EXERCISE DIRECTIONS: Copy, please, the line with "Best continuation: a3+ Kb1 a2+ Kxa2 Rxc1" and each line that follows it through the end of the data below, exactly as given and without pictures.

DATA FOR REVIEW:
--------------------

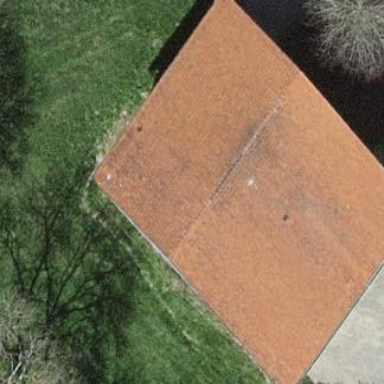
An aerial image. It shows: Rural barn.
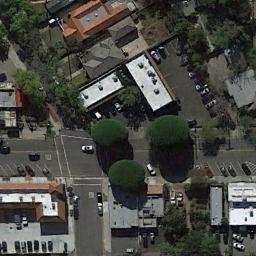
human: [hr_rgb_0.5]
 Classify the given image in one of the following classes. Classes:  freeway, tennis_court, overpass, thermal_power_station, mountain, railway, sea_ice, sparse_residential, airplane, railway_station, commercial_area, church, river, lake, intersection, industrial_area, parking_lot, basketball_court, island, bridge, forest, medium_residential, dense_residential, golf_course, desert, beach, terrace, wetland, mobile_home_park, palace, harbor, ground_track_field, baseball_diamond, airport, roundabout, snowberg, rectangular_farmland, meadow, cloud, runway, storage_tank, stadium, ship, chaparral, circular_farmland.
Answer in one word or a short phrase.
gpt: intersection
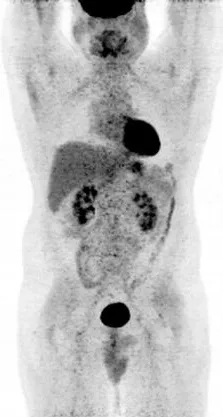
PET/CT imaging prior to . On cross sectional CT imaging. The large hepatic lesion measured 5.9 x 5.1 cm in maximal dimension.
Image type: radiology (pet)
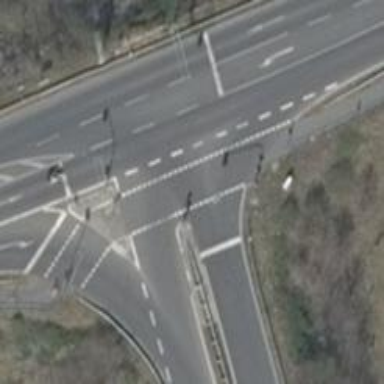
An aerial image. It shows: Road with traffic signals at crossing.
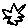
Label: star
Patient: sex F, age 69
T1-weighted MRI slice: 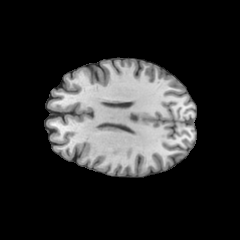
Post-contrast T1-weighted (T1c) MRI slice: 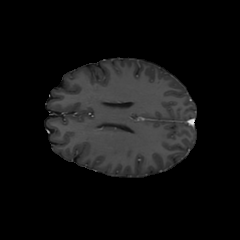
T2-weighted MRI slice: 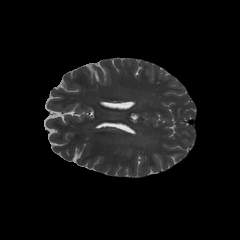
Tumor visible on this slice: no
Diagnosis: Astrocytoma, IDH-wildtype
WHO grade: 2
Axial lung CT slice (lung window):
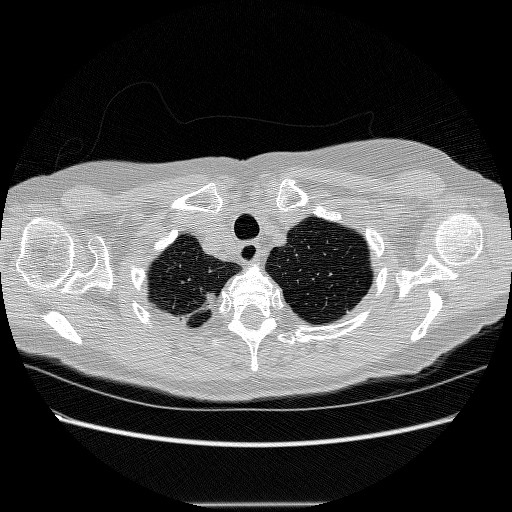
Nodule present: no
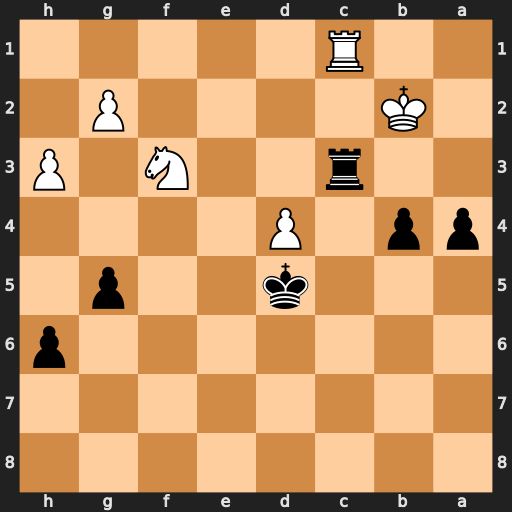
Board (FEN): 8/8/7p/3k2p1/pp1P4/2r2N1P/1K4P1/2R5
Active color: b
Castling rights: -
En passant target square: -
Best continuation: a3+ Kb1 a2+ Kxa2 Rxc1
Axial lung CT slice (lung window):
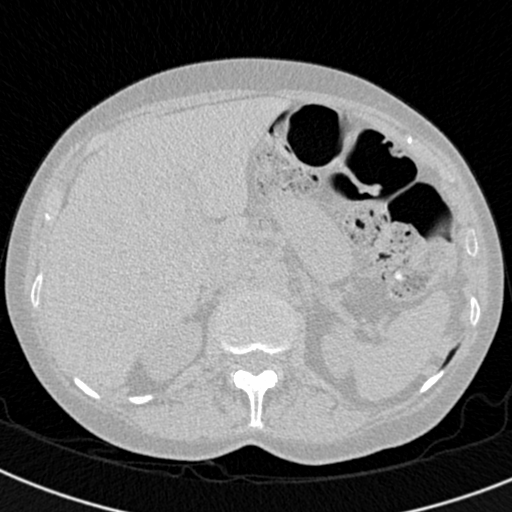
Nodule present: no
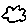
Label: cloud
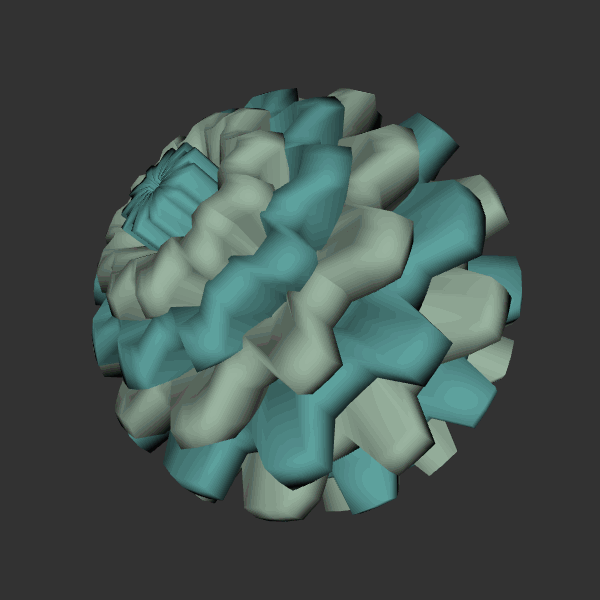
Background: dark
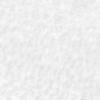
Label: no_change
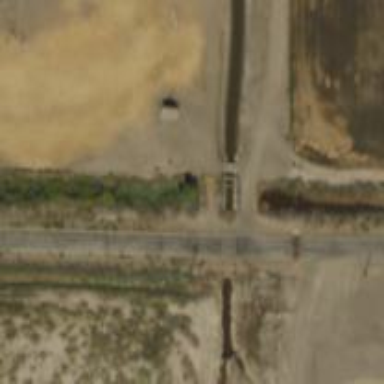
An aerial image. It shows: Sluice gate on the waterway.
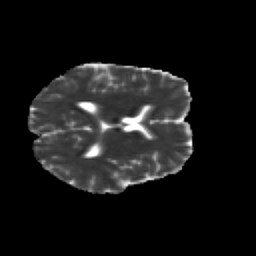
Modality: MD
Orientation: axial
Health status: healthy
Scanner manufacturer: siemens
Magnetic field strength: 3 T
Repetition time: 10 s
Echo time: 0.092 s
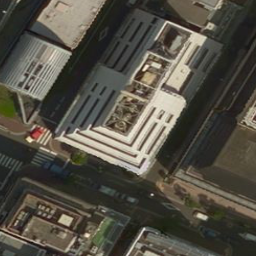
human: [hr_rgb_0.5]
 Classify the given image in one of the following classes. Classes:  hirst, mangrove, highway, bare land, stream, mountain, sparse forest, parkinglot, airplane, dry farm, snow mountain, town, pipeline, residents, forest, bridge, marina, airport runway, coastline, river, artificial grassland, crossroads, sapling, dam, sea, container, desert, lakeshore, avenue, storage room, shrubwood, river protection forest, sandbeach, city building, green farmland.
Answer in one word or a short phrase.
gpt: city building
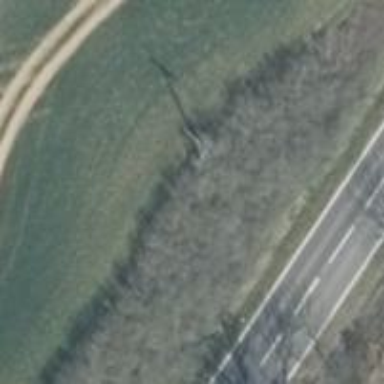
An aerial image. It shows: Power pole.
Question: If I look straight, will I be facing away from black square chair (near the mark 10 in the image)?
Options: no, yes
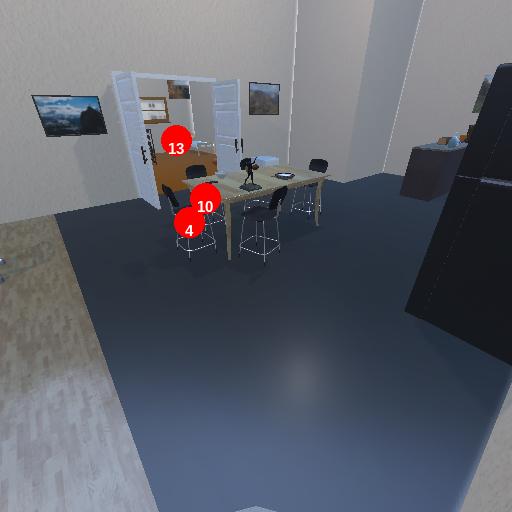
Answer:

--------------------

EXERCISE SOLUTION:
Best continuation: a3+ Kb1 a2+ Kxa2 Rxc1
Axial lung CT slice (lung window):
Nodule present: no
Label: cloud
Background: dark
Label: no_change
An aerial image. It shows: Sluice gate on the waterway.
Modality: MD
Orientation: axial
Health status: healthy
Scanner manufacturer: siemens
Magnetic field strength: 3 T
Repetition time: 10 s
Echo time: 0.092 s
human: [hr_rgb_0.5]
 Classify the given image in one of the following classes. Classes:  hirst, mangrove, highway, bare land, stream, mountain, sparse forest, parkinglot, airplane, dry farm, snow mountain, town, pipeline, residents, forest, bridge, marina, airport runway, coastline, river, artificial grassland, crossroads, sapling, dam, sea, container, desert, lakeshore, avenue, storage room, shrubwood, river protection forest, sandbeach, city building, green farmland.
Answer in one word or a short phrase.
gpt: city building
An aerial image. It shows: Power pole.
Question: If I look straight, will I be facing away from black square chair (near the mark 10 in the image)?
Options: no, yes
Answer:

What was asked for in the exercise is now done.